Images do not belong in the copy. Retype all the entries below exactly.

Collection entries
•••••

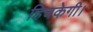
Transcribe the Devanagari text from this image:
हिचकेगी।
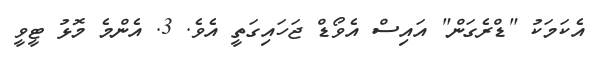
އެކަމަކު "ޑްރެގަން" އައިސް އެވޯޑް ޖަހައިގަތީ އެވެ. 3. އެންމެ މޮޅު ޓީވީ
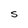
Character: S
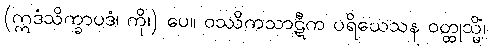
(ဣဒံသိက္ခာပဒံ၊ ကို၊) ပေ။ ဝဿိကသာဋီက ပရိယေသန ဝတ္ထုသ္မိံ၊
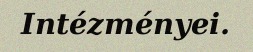
Intézményei.
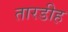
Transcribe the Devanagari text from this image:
तारडीह
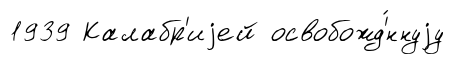
1939 Калабр'иjей освобожд'́ннуjу
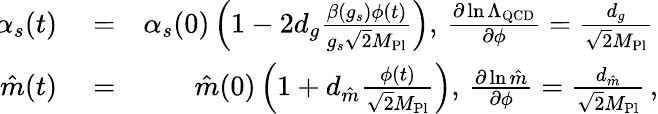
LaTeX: \begin{array}{rlr}{\! \! \alpha_{s}(t)}&{{}=}&{\alpha_{s}(0)\left(1-2d_{g}\frac{\beta(g_{s})\phi(t)}{g_{s}\sqrt{2}M_{\mathrm{Pl}}}\right),\, \frac{\partial\ln\Lambda_{\mathrm{QCD}}}{\partial\phi}=\frac{d_{g}}{\sqrt{2}M_{\mathrm{Pl}}}\, }\\ {\hat{m}(t)}&{{}=}&{\hat{m}(0)\left(1+d_{\hat{m}}\frac{\phi(t)}{\sqrt{2}M_{\mathrm{Pl}}}\right),\, \frac{\partial\ln\hat{m}}{\partial\phi}=\frac{d_{\hat{m}}}{\sqrt{2}M_{\mathrm{Pl}}}\, ,}\end{array}
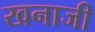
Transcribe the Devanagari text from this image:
खनाजी
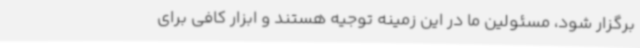
برگزار شود، مسئولین ما در این زمینه توجیه هستند و ابزار کافی برای
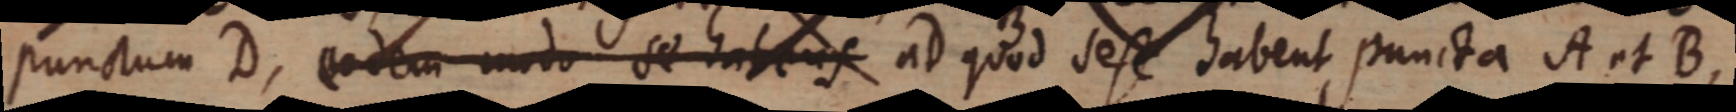
punctum D, eodem modo se habens ad quod sese habent puncta A et B,
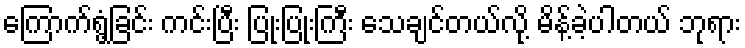
ကြောက်ရွံ့ခြင်း ကင်းပြီး ပြုံးပြုံးကြီး သေချင်တယ်လို့ မိန့်ခဲ့ပါတယ် ဘုရား
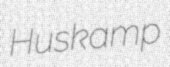
Huskamp
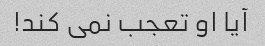
آیا او تعجب نمی کند!
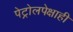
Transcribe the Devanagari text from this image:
पेट्रोलपेक्षाही
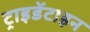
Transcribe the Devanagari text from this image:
ट्राइडेंटाइन
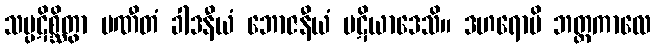
သမ္ပဋိစ္ဆိတွာ ပဏီတံ ခါဒနီယံ ဘောဇနီယံ ပဋိယာဒေသိ။ ဒဟရောပိ ဘတ္တကာလေ
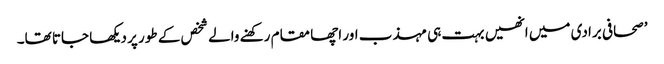
’صحافی برادی میں انھیں بہت ہی مہذب اور اچھا مقام رکھنے والے شخص کے طور پر دیکھا جاتا تھا۔
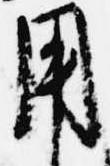
用
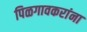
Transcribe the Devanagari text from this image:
पिळगावकरांना
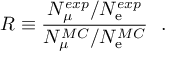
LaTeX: R \equiv { \frac { N _ { \mu } ^ { e x p } / N _ { \mathrm { e } } ^ { e x p } } { N _ { \mu } ^ { M C } / N _ { \mathrm { e } } ^ { M C } } } \ \ .
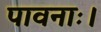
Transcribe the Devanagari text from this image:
पावनाः।
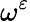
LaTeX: \omega^{\varepsilon}
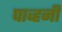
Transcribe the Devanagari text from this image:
पाव्हनी
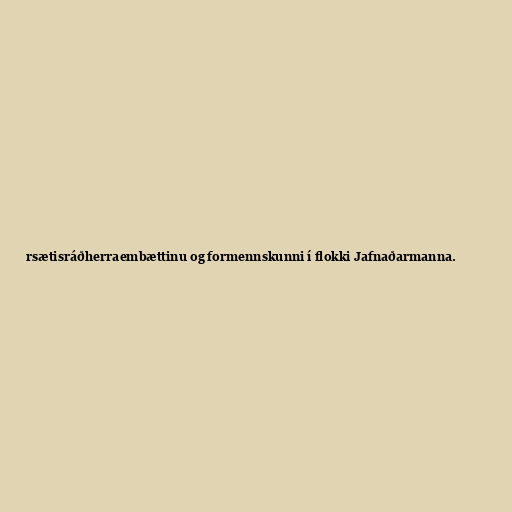
rsætisráðherraembættinu og formennskunni í flokki Jafnaðarmanna.
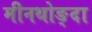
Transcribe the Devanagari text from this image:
मीनथोङ्दा
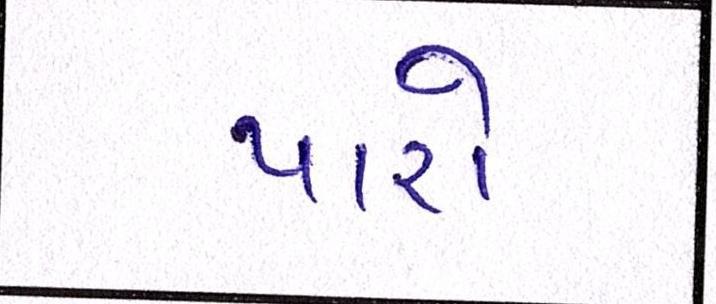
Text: પારો
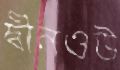
দ্বীনওউ
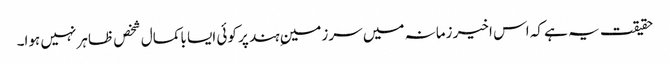
حقیقت یہ ہے کہ اس اخیر زمانہ میں سرزمینِ ہند پر کوئی ایسا باکمال شخص ظاہر نہیں ہوا۔
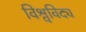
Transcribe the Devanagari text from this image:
विश्वविद्य
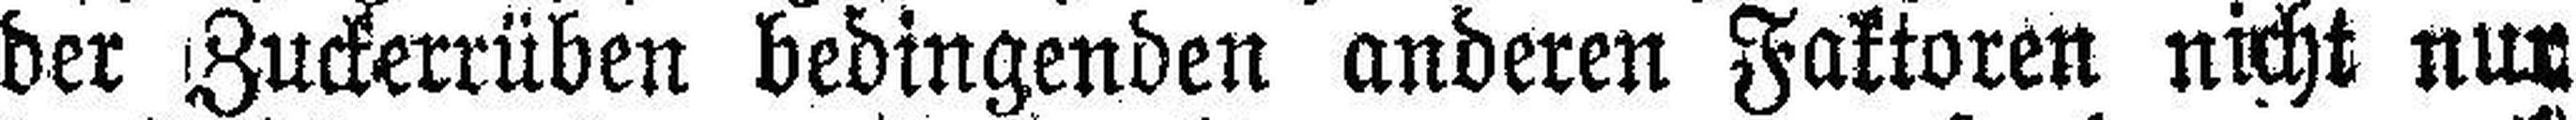
der Zuckerrüben bedingenden anderen Faktoren nicht nur
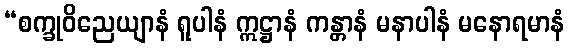
“စက္ခုဝိညေယျာနံ ရူပါနံ ဣဋ္ဌာနံ ကန္တာနံ မနာပါနံ မနောရမာနံ
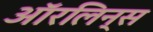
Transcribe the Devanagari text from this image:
ऑरलिन्स
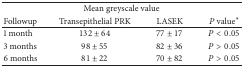
| <COLSPAN=4> Mean greyscale value |
 | Followup | Transepithelial PRK | LASEK | P value∗ |
 | --- | --- | --- | --- |
 | 1 month | 132 ± 64 | 77 ± 17 | P < 0.05 |
 | 3 months | 98 ± 55 | 82 ± 36 | P > 0.05 |
 | 6 months | 81 ± 22 | 70 ± 82 | P > 0.05 |
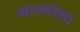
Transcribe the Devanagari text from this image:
गलगोथा
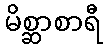
မိစ္ဆာစာရီ
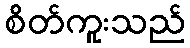
စိတ်ကူးသည်
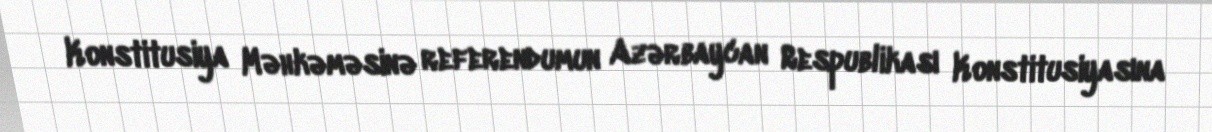
Konstitusiya Məhkəməsinə referendumun Azərbaycan Respublikası Konstitusiyasına
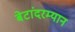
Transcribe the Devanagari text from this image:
बेटांदरम्यान
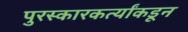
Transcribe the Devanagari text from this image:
पुरस्कारकर्त्यांकडून
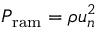
P _ { \mathrm { r a m } } = \rho u _ { n } ^ { 2 }
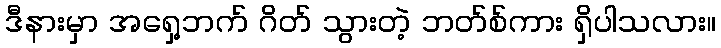
ဒီနားမှာ အရှေ့ဘက် ဂိတ် သွားတဲ့ ဘတ်စ်ကား ရှိပါသလား။
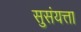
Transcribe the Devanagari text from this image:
सुसंयत्ता
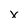
Character: x
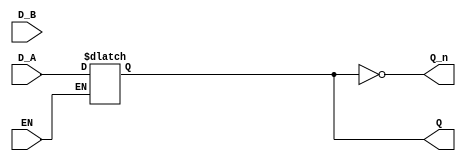
module dual_input_gated_latch (
    input wire D_A,      // Data Input A
    input wire D_B,      // Data Input B
    input wire EN,       // Enable signal
    output reg Q,        // Output Q
    output wire Q_n      // Complement of Q
);

// Complement of Q
assign Q_n = ~Q;

// Always block to implement the latch behavior
always @ (EN or D_A or D_B) begin
    if (EN) begin
        // If EN is high, select the data input
        // Here we can prioritize D_A over D_B
        // You can modify this selection logic as needed
        Q <= D_A; // Change this line to Q <= D_B; if you want to prioritize D_B
    end
    // If EN is low, Q retains its previous value (latch behavior)
end

endmodule
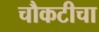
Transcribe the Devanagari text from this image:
चौकटीचा
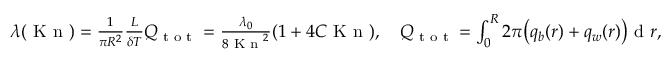
\begin{array} { r } { \lambda ( \textrm { K n } ) = \frac { 1 } { \pi R ^ { 2 } } \frac { L } { \delta T } Q _ { \textrm { t o t } } = \frac { \lambda _ { 0 } } { 8 \textrm { K n } ^ { 2 } } ( 1 + 4 C \textrm { K n } ) , \quad Q _ { \textrm { t o t } } = \int \displaylimits _ { 0 } ^ { R } 2 \pi \big ( q _ { b } ( r ) + q _ { w } ( r ) \big ) \textrm { d } r , } \end{array}
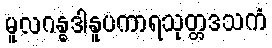
မူလဂန္ဓဒါနူပကာရသုတ္တဒသကံ
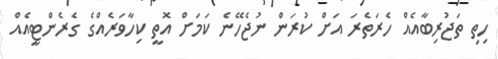
ހިތި ތަޖުރިބާއެއް ހެރަތެރަ އަށް ކުރަން ނުޖެހޭނެ ކަމަށް އޮތީ ކިހާވަރެއްގެ ގެރެންޓީއެއް
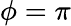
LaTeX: \phi=\pi
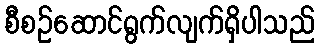
စီစဉ်ဆောင်ရွက်လျက်ရှိပါသည်
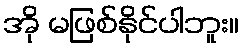
အို မဖြစ်နိုင်ပါဘူး။
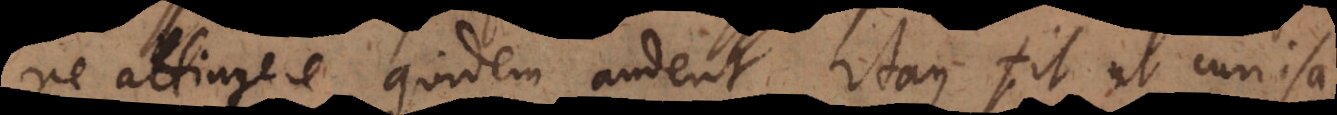
ne attingere quidem audent. Itaque fit ut curios
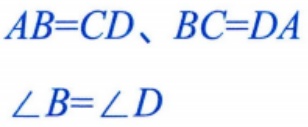
$AB=CD、BC=DA$

$\angle B=\angle D$
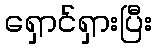
ရှောင်ရှားပြီး
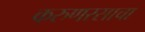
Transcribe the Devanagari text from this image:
करुणरसाचा
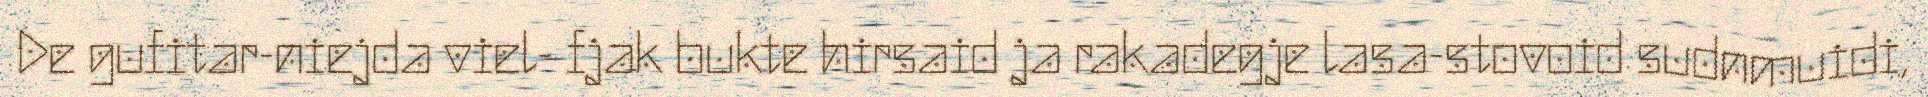
De gufitar-niejda viel- fjak bukte hirsaid ja rakadegje lasa-stovoid sudnmuidi,
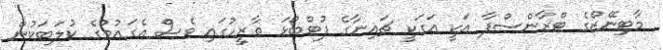
މާޓިނޭޒްގެ ޓްރާންސްފާ އަކީ އަގަކީ ޗައިނާގެ ފުޓްބޯޅަ ތާރީހުގައި ވެސް އެގައުމުގެ ކުލަބަކުން
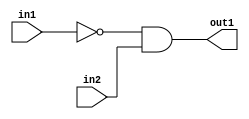
module simple_propagation(in1, in2, out1);

input in1, in2;
output out1;
wire w3;

not NOT1 (w3, in1);
and AND1 (out1, w3, in2);

endmodule
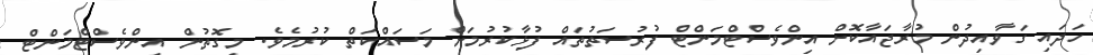
ހަދައި ގަވާއިދުން މުރާޖައާކޮށް އިންވެސްޓްމަންޓް ފުރުސަތުތައް ފުޅާކުރުމަށް މަސައްކަތް ކުރުމެވެ. މިގޮތުން އިންވެސްޓްމަންޓް
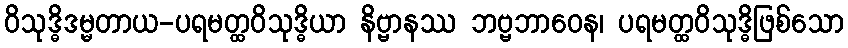
ဝိသုဒ္ဓိဒမ္မတာယ-ပရမတ္ထဝိသုဒ္ဓိယာ နိဗ္ဗာနဿ ဘဗ္ဗဘာဝေန၊ ပရမတ္ထဝိသုဒ္ဓိဖြစ်သော
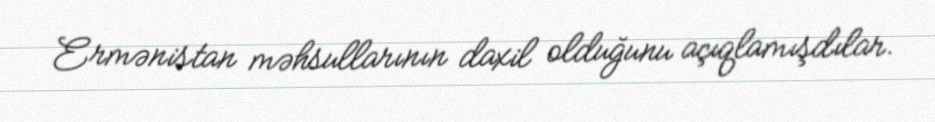
Ermənistan məhsullarının daxil olduğunu açıqlamışdılar.
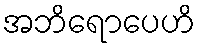
အဘိရောပေဟိ
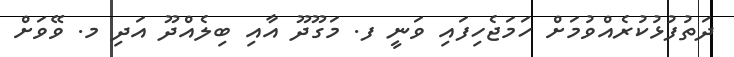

•••••

■ Solution to this exercise
Transcribe the Devanagari text from this image:
हिचकेगी।
އެކަމަކު "ޑްރެގަން" އައިސް އެވޯޑް ޖަހައިގަތީ އެވެ. 3. އެންމެ މޮޅު ޓީވީ
Character: S
(ဣဒံသိက္ခာပဒံ၊ ကို၊) ပေ။ ဝဿိကသာဋီက ပရိယေသန ဝတ္ထုသ္မိံ၊
Intézményei.
Transcribe the Devanagari text from this image:
तारडीह
1939 Калабр'иjей освобожд'́ннуjу
LaTeX: \begin{array}{rlr}{\! \! \alpha_{s}(t)}&{{}=}&{\alpha_{s}(0)\left(1-2d_{g}\frac{\beta(g_{s})\phi(t)}{g_{s}\sqrt{2}M_{\mathrm{Pl}}}\right),\, \frac{\partial\ln\Lambda_{\mathrm{QCD}}}{\partial\phi}=\frac{d_{g}}{\sqrt{2}M_{\mathrm{Pl}}}\, }\\ {\hat{m}(t)}&{{}=}&{\hat{m}(0)\left(1+d_{\hat{m}}\frac{\phi(t)}{\sqrt{2}M_{\mathrm{Pl}}}\right),\, \frac{\partial\ln\hat{m}}{\partial\phi}=\frac{d_{\hat{m}}}{\sqrt{2}M_{\mathrm{Pl}}}\, ,}\end{array}
Transcribe the Devanagari text from this image:
खनाजी
برگزار شود، مسئولین ما در این زمینه توجیه هستند و ابزار کافی برای
punctum D, eodem modo se habens ad quod sese habent puncta A et B,
ကြောက်ရွံ့ခြင်း ကင်းပြီး ပြုံးပြုံးကြီး သေချင်တယ်လို့ မိန့်ခဲ့ပါတယ် ဘုရား
Huskamp
آیا او تعجب نمی کند!
Transcribe the Devanagari text from this image:
पेट्रोलपेक्षाही
Transcribe the Devanagari text from this image:
ट्राइडेंटाइन
သမ္ပဋိစ္ဆိတွာ ပဏီတံ ခါဒနီယံ ဘောဇနီယံ ပဋိယာဒေသိ။ ဒဟရောပိ ဘတ္တကာလေ
’صحافی برادی میں انھیں بہت ہی مہذب اور اچھا مقام رکھنے والے شخص کے طور پر دیکھا جاتا تھا۔
用
Transcribe the Devanagari text from this image:
पिळगावकरांना
LaTeX: R \equiv { \frac { N _ { \mu } ^ { e x p } / N _ { \mathrm { e } } ^ { e x p } } { N _ { \mu } ^ { M C } / N _ { \mathrm { e } } ^ { M C } } } \ \ .
Transcribe the Devanagari text from this image:
पावनाः।
LaTeX: \omega^{\varepsilon}
Transcribe the Devanagari text from this image:
पाव्हनी
rsætisráðherraembættinu og formennskunni í flokki Jafnaðarmanna.
Transcribe the Devanagari text from this image:
मीनथोङ्दा
Text: પારો
দ্বীনওউ
حقیقت یہ ہے کہ اس اخیر زمانہ میں سرزمینِ ہند پر کوئی ایسا باکمال شخص ظاہر نہیں ہوا۔
Transcribe the Devanagari text from this image:
विश्वविद्य
der Zuckerrüben bedingenden anderen Faktoren nicht nur
“စက္ခုဝိညေယျာနံ ရူပါနံ ဣဋ္ဌာနံ ကန္တာနံ မနာပါနံ မနောရမာနံ
Transcribe the Devanagari text from this image:
ऑरलिन्स
| <COLSPAN=4> Mean greyscale value |
 | Followup | Transepithelial PRK | LASEK | P value∗ |
 | --- | --- | --- | --- |
 | 1 month | 132 ± 64 | 77 ± 17 | P < 0.05 |
 | 3 months | 98 ± 55 | 82 ± 36 | P > 0.05 |
 | 6 months | 81 ± 22 | 70 ± 82 | P > 0.05 |
Transcribe the Devanagari text from this image:
गलगोथा
မိစ္ဆာစာရီ
စိတ်ကူးသည်
Konstitusiya Məhkəməsinə referendumun Azərbaycan Respublikası Konstitusiyasına
Transcribe the Devanagari text from this image:
बेटांदरम्यान
Transcribe the Devanagari text from this image:
पुरस्कारकर्त्यांकडून
P _ { \mathrm { r a m } } = \rho u _ { n } ^ { 2 }
ဒီနားမှာ အရှေ့ဘက် ဂိတ် သွားတဲ့ ဘတ်စ်ကား ရှိပါသလား။
Transcribe the Devanagari text from this image:
सुसंयत्ता
Character: x
module dual_input_gated_latch (
    input wire D_A,      // Data Input A
    input wire D_B,      // Data Input B
    input wire EN,       // Enable signal
    output reg Q,        // Output Q
    output wire Q_n      // Complement of Q
);

// Complement of Q
assign Q_n = ~Q;

// Always block to implement the latch behavior
always @ (EN or D_A or D_B) begin
    if (EN) begin
        // If EN is high, select the data input
        // Here we can prioritize D_A over D_B
        // You can modify this selection logic as needed
        Q <= D_A; // Change this line to Q <= D_B; if you want to prioritize D_B
    end
    // If EN is low, Q retains its previous value (latch behavior)
end

endmodule
Transcribe the Devanagari text from this image:
चौकटीचा
\begin{array} { r } { \lambda ( \textrm { K n } ) = \frac { 1 } { \pi R ^ { 2 } } \frac { L } { \delta T } Q _ { \textrm { t o t } } = \frac { \lambda _ { 0 } } { 8 \textrm { K n } ^ { 2 } } ( 1 + 4 C \textrm { K n } ) , \quad Q _ { \textrm { t o t } } = \int \displaylimits _ { 0 } ^ { R } 2 \pi \big ( q _ { b } ( r ) + q _ { w } ( r ) \big ) \textrm { d } r , } \end{array}
မူလဂန္ဓဒါနူပကာရသုတ္တဒသကံ
ހިތި ތަޖުރިބާއެއް ހެރަތެރަ އަށް ކުރަން ނުޖެހޭނެ ކަމަށް އޮތީ ކިހާވަރެއްގެ ގެރެންޓީއެއް
LaTeX: \phi=\pi
စီစဉ်ဆောင်ရွက်လျက်ရှိပါသည်
အို မဖြစ်နိုင်ပါဘူး။
ne attingere quidem audent. Itaque fit ut curios
$AB=CD、BC=DA$

$\angle B=\angle D$
ရှောင်ရှားပြီး
Transcribe the Devanagari text from this image:
करुणरसाचा
De gufitar-niejda viel- fjak bukte hirsaid ja rakadegje lasa-stovoid sudnmuidi,
މާޓިނޭޒްގެ ޓްރާންސްފާ އަކީ އަގަކީ ޗައިނާގެ ފުޓްބޯޅަ ތާރީހުގައި ވެސް އެގައުމުގެ ކުލަބަކުން
module simple_propagation(in1, in2, out1);

input in1, in2;
output out1;
wire w3;

not NOT1 (w3, in1);
and AND1 (out1, w3, in2);

endmodule
ހަދައި ގަވާއިދުން މުރާޖައާކޮށް އިންވެސްޓްމަންޓް ފުރުސަތުތައް ފުޅާކުރުމަށް މަސައްކަތް ކުރުމެވެ. މިގޮތުން އިންވެސްޓްމަންޓް
ဝိသုဒ္ဓိဒမ္မတာယ-ပရမတ္ထဝိသုဒ္ဓိယာ နိဗ္ဗာနဿ ဘဗ္ဗဘာဝေန၊ ပရမတ္ထဝိသုဒ္ဓိဖြစ်သော
Ermənistan məhsullarının daxil olduğunu açıqlamışdılar.
အဘိရောပေဟိ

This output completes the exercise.